Webb Murkett is handy about the house; he has a cellar full of expensive power tools and subscribes to magazines with titles like Fine Woodworking and Homecraft. In every corner of the garrison colonial he and Cindy have shared for the seven years of their marriage there are hand-made refinements of rounded, stained, and varnished wood – shelves, cabinets, built-in lazy susans with as many compartments as a seashell – expressing the patience and homelovingness of the house's master. There is a way of working with rotten wood, and making it as solid as marble, and like marble swirled and many-shaded; this art is on display in the base of several lamps and in a small bowl holding an untouched spiral of cigarettes on the butler's-tray table, which Webb has also fashioned, down to its gleaming copper hinges shaped like butterflies. Some of these objects must have come from the homes of Webb's previous marriages, and Harry wonders what these phantom women have kept, that so much remains. Webb's previous marriages are represented in his great long sunken living room only by color photographs, in ensemble frames of unusual proportion that Webb himself has cut and grooved and cemented together of Lucite, of children too old to be his and Cindy's, caught in a moment of sunshine on the flagstone stoop of another suburban house, or in a sailboat against the blue of a lake that the Kodak chemicals are permitting to fade to yellow, or at a moment of marriage or graduation – for some of these children were now adult, older than Nelson, and infants of a third generation stare out unsmiling, propped on a pillow or held in firm young arms, from among the many smiles of these family groups. Harry has several times in Webb's house slyly searched these photos for the sight of a former wife; but though there are women beheaded or sliced to a splinter by the edge of a frame or another picture, and here and there an unidentifiable mature hand and forearm intrudes behind a set of children's heads, no face seems preserved of the vanished mistresses of all this fleeting family happiness.
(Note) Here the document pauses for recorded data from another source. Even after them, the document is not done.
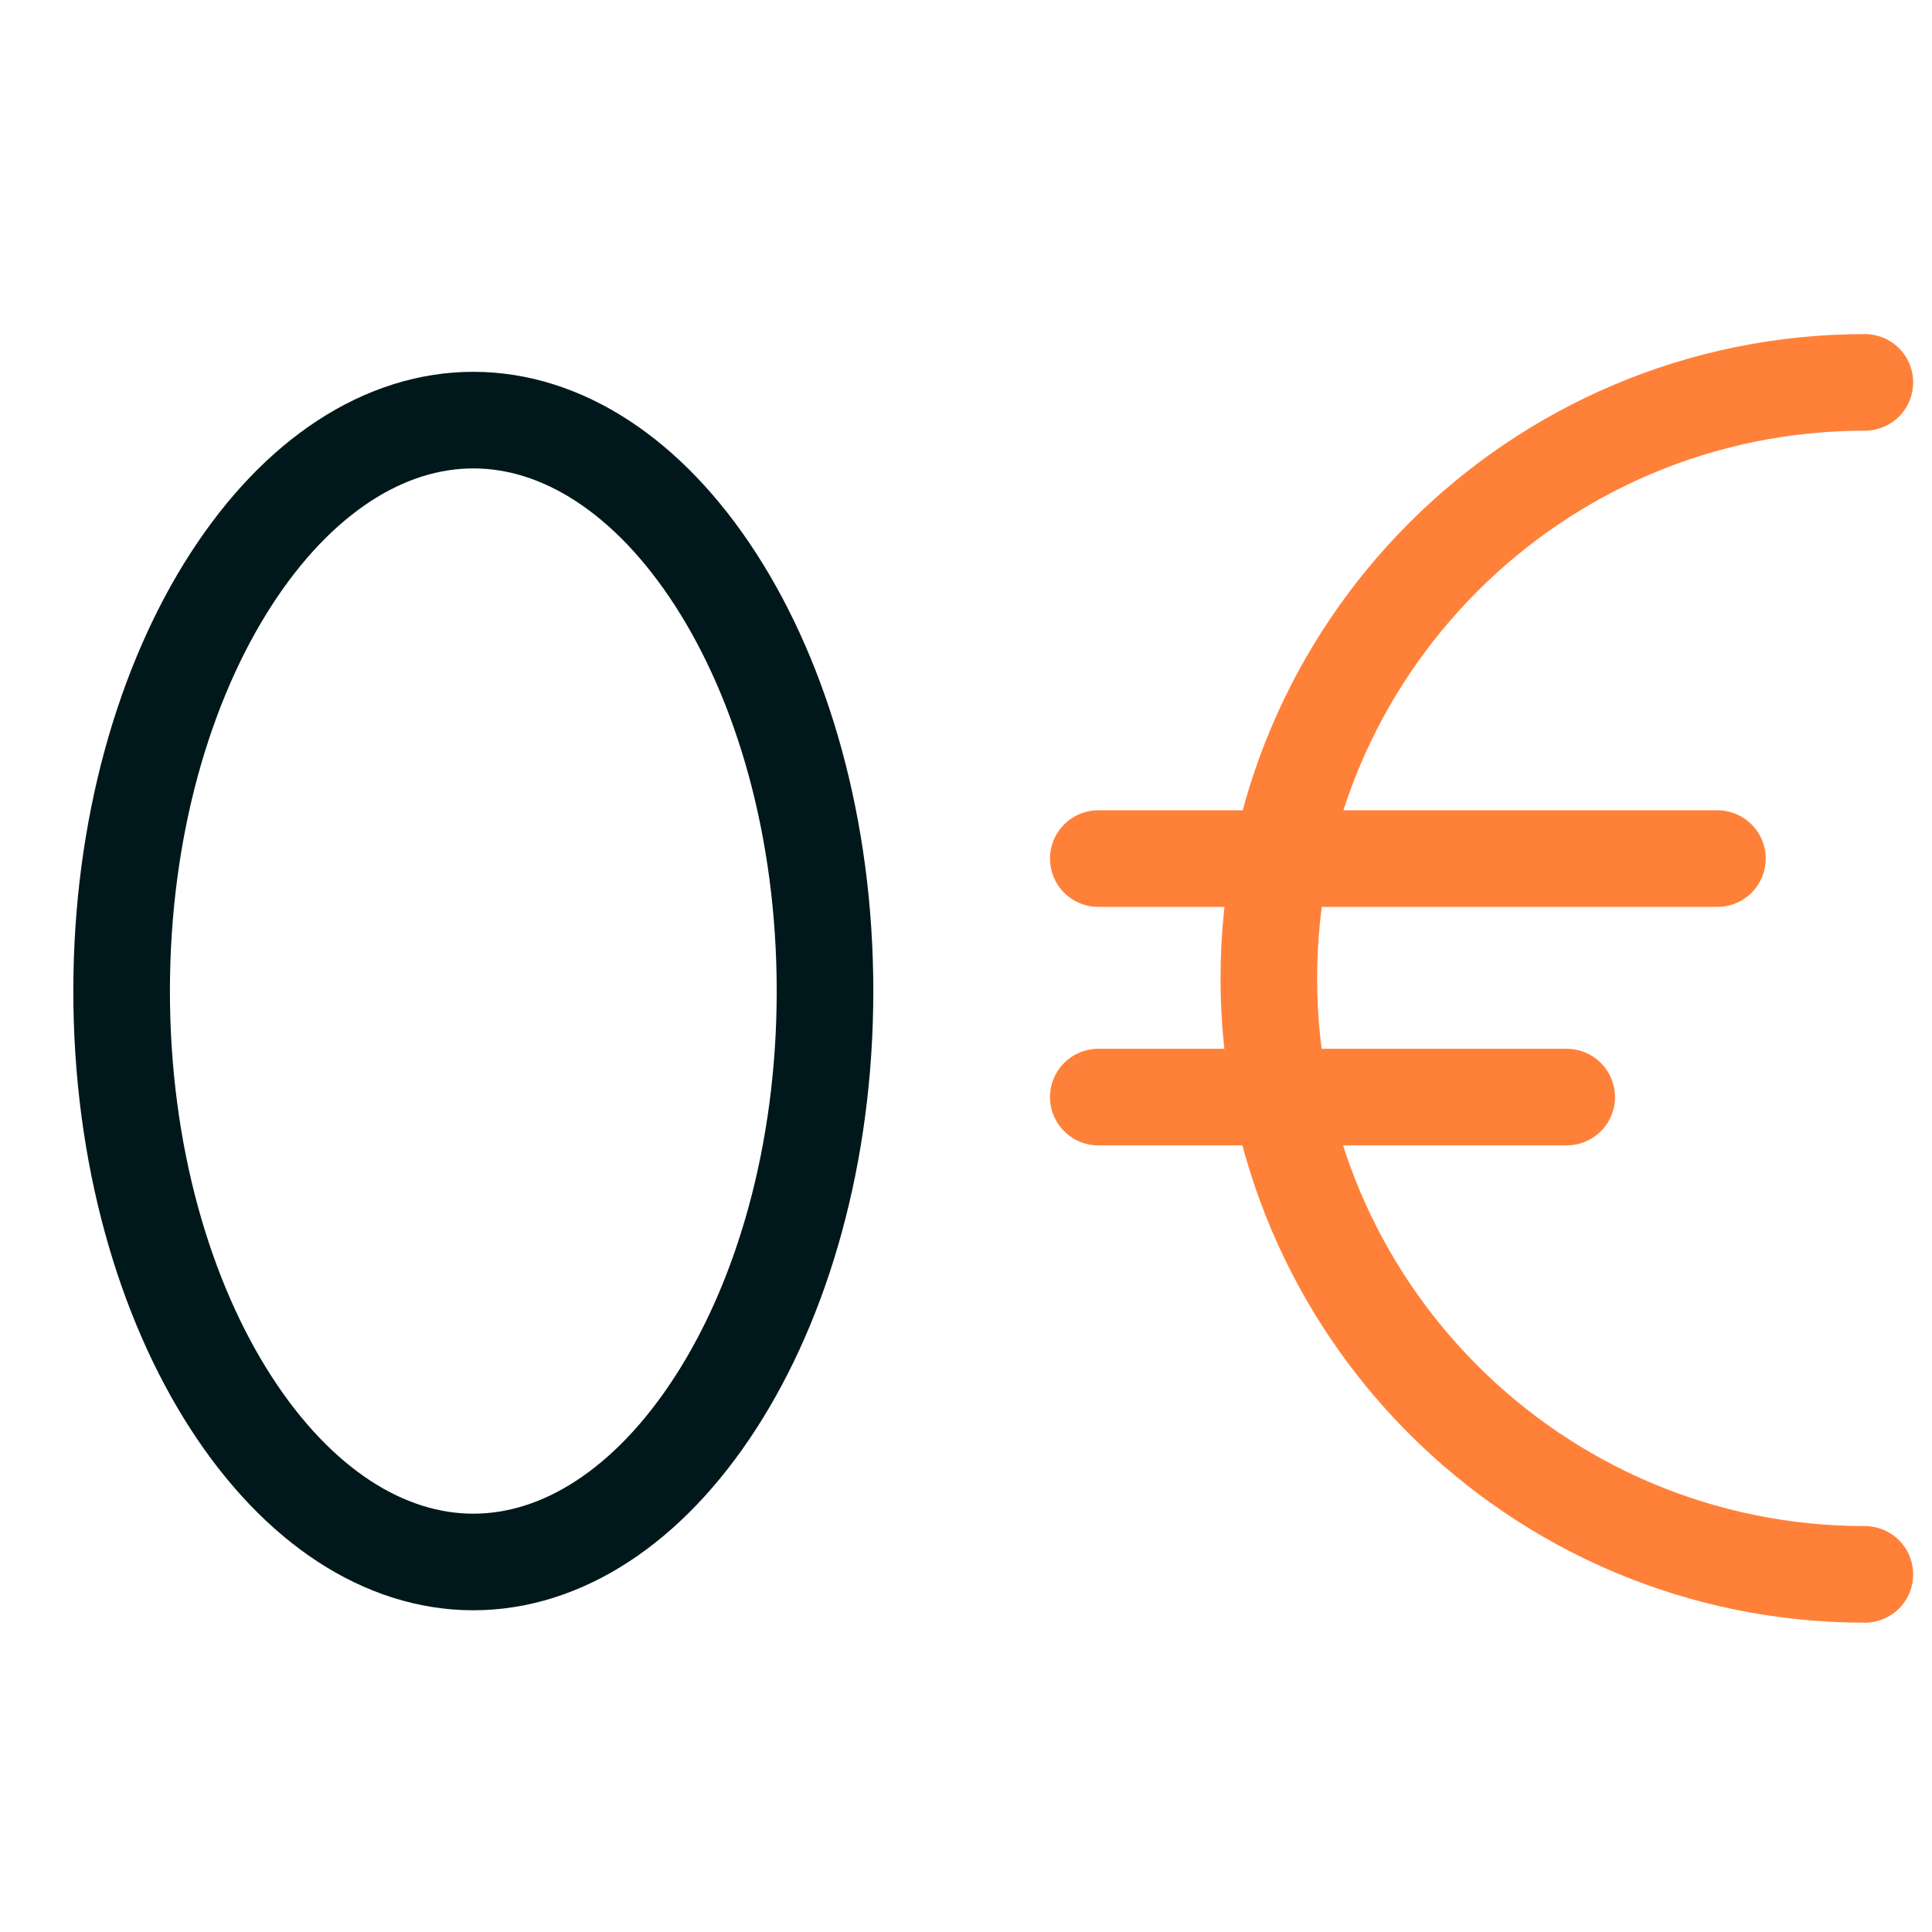 <svg width="40" height="40" viewBox="0 0 40 40" fill="none" xmlns="http://www.w3.org/2000/svg">
<path d="M35.557 17.776L22.739 17.776" stroke="#FF8139" stroke-width="2" stroke-linecap="round" stroke-linejoin="round"/>
<path d="M32.437 22.714C28.65 22.714 26.526 22.714 22.739 22.714" stroke="#FF8139" stroke-width="2" stroke-linecap="round" stroke-linejoin="round"/>
<path d="M38.61 32.596C31.795 32.596 26.27 27.072 26.27 20.257C26.27 13.442 31.795 7.917 38.61 7.917" stroke="#FF8139" stroke-width="2" stroke-linecap="round" stroke-linejoin="round"/>
<path d="M17.081 20.519C17.081 23.895 16.195 26.906 14.815 29.041C13.429 31.187 11.633 32.339 9.799 32.339C7.966 32.339 6.169 31.187 4.783 29.041C3.404 26.906 2.518 23.895 2.518 20.519C2.518 17.142 3.404 14.132 4.783 11.996C6.169 9.85 7.966 8.698 9.799 8.698C11.633 8.698 13.429 9.85 14.815 11.996C16.195 14.132 17.081 17.142 17.081 20.519Z" stroke="#00181B" stroke-width="2"/>
</svg>

When Webb and Cindy entertain, built-in speakers bathe the downstairs rooms in a continuous sweetness of string music and spineless arrangements, of old show tunes or mollified rock classics, voiceless and seamless and with nagging dental associations for Harry. Behind a mahogany bar that Webb salvaged from the tavern of a farmer's hotel being demolished in Brewer and then transported with its brass rail to a corner of his living room, he has constructed a kind of altar to booze, two high doors with rounded tops that meet in a point and shelves that come forward on a lazy-tongs principle with not only the basic whisky, gin, and vodka but exotic drinks like rum and tequila and sake and all the extras you could want from bitters to powdered Old-fashioned mix in little envelopes. And the bar has its own small refrigerator, built in. Much as he admires Webb, Harry thinks when he gets his own dream house he will do without the piped music and such elaborate housing for the liquor.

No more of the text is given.